# Exercise description:
All of the entries are to be returned word for word.

***** Data for this exercise

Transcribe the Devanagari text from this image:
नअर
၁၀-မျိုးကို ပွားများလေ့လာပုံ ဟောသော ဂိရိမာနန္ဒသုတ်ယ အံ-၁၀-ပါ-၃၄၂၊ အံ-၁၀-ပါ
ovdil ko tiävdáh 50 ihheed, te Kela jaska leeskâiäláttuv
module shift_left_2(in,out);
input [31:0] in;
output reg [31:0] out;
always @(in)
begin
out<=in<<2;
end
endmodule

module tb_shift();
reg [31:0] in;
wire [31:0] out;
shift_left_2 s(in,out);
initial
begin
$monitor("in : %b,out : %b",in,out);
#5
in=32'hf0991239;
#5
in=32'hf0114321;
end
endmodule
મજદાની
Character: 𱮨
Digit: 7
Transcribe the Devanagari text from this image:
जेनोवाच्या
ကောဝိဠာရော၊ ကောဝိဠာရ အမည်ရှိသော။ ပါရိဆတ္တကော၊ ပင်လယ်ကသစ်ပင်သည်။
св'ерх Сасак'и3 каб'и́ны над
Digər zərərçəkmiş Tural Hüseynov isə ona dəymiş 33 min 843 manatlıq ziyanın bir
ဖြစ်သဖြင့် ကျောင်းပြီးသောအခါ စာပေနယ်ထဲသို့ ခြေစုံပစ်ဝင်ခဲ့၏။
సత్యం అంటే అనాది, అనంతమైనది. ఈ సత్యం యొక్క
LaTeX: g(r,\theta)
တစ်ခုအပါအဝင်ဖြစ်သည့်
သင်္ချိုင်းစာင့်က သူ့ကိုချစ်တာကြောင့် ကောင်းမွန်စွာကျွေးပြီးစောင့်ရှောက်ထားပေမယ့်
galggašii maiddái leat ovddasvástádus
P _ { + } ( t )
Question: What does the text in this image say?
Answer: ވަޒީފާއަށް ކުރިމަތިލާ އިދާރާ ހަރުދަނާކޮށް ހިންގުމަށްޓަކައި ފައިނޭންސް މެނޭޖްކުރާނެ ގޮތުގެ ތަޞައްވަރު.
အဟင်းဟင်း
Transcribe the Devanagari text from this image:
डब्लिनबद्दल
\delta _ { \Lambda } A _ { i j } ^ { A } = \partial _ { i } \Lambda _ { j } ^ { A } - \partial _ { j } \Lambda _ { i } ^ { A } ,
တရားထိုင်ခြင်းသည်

**********

# Solution below:
Transcribe the Devanagari text from this image:
नअर
၁၀-မျိုးကို ပွားများလေ့လာပုံ ဟောသော ဂိရိမာနန္ဒသုတ်ယ အံ-၁၀-ပါ-၃၄၂၊ အံ-၁၀-ပါ
ovdil ko tiävdáh 50 ihheed, te Kela jaska leeskâiäláttuv
module shift_left_2(in,out);
input [31:0] in;
output reg [31:0] out;
always @(in)
begin
out<=in<<2;
end
endmodule

module tb_shift();
reg [31:0] in;
wire [31:0] out;
shift_left_2 s(in,out);
initial
begin
$monitor("in : %b,out : %b",in,out);
#5
in=32'hf0991239;
#5
in=32'hf0114321;
end
endmodule
મજદાની
Character: 𱮨
Digit: 7
Transcribe the Devanagari text from this image:
जेनोवाच्या
ကောဝိဠာရော၊ ကောဝိဠာရ အမည်ရှိသော။ ပါရိဆတ္တကော၊ ပင်လယ်ကသစ်ပင်သည်။
св'ерх Сасак'и3 каб'и́ны над
Digər zərərçəkmiş Tural Hüseynov isə ona dəymiş 33 min 843 manatlıq ziyanın bir
ဖြစ်သဖြင့် ကျောင်းပြီးသောအခါ စာပေနယ်ထဲသို့ ခြေစုံပစ်ဝင်ခဲ့၏။
సత్యం అంటే అనాది, అనంతమైనది. ఈ సత్యం యొక్క
LaTeX: g(r,\theta)
တစ်ခုအပါအဝင်ဖြစ်သည့်
သင်္ချိုင်းစာင့်က သူ့ကိုချစ်တာကြောင့် ကောင်းမွန်စွာကျွေးပြီးစောင့်ရှောက်ထားပေမယ့်
galggašii maiddái leat ovddasvástádus
P _ { + } ( t )
Question: What does the text in this image say?
Answer: ވަޒީފާއަށް ކުރިމަތިލާ އިދާރާ ހަރުދަނާކޮށް ހިންގުމަށްޓަކައި ފައިނޭންސް މެނޭޖްކުރާނެ ގޮތުގެ ތަޞައްވަރު.
အဟင်းဟင်း
Transcribe the Devanagari text from this image:
डब्लिनबद्दल
\delta _ { \Lambda } A _ { i j } ^ { A } = \partial _ { i } \Lambda _ { j } ^ { A } - \partial _ { j } \Lambda _ { i } ^ { A } ,
တရားထိုင်ခြင်းသည်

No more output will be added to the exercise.